■ Work task ■
Transcribe the listing verbatim, please, with images dropped.

** Material to process follows **

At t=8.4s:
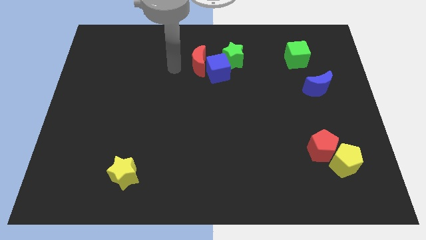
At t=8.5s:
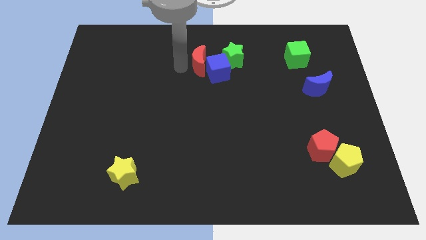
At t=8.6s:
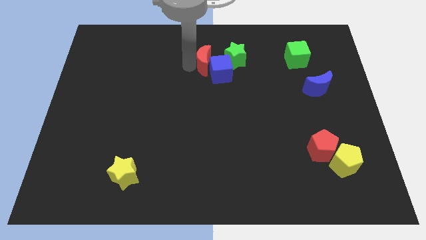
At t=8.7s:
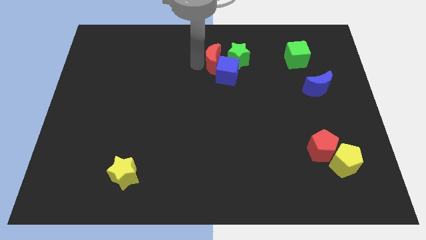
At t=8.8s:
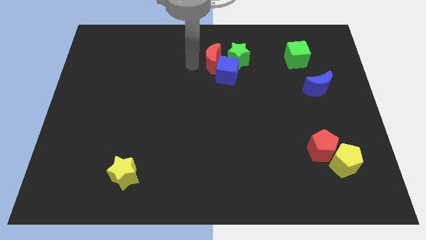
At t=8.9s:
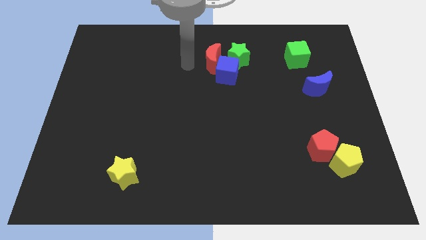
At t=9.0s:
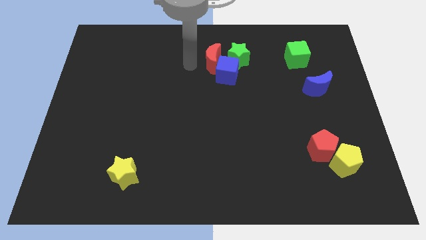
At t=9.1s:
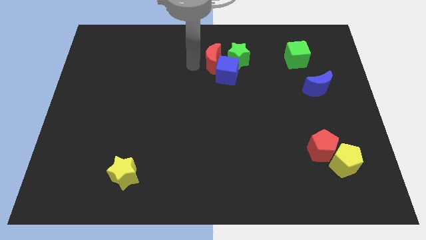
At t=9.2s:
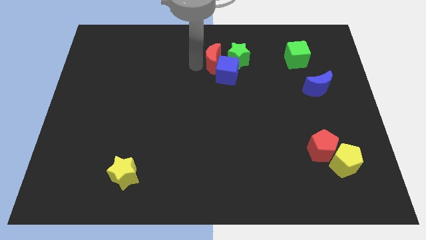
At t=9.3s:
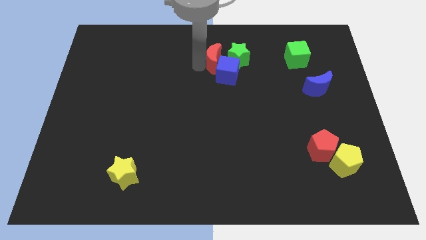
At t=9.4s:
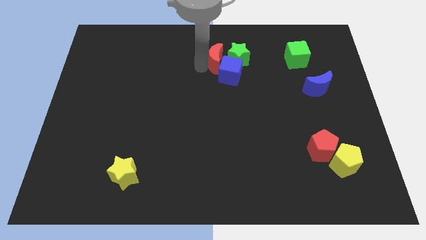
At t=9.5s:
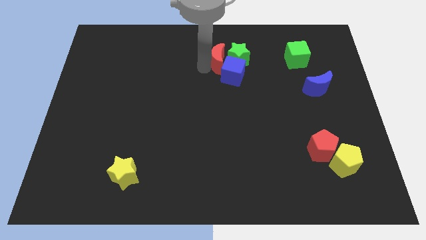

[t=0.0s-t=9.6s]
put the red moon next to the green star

** End of Material to process **

■ Result below ■
At t=8.4s:
At t=8.5s:
At t=8.6s:
At t=8.7s:
At t=8.8s:
At t=8.9s:
At t=9.0s:
At t=9.1s:
At t=9.2s:
At t=9.3s:
At t=9.4s:
At t=9.5s:

[t=0.0s-t=9.6s]
put the red moon next to the green star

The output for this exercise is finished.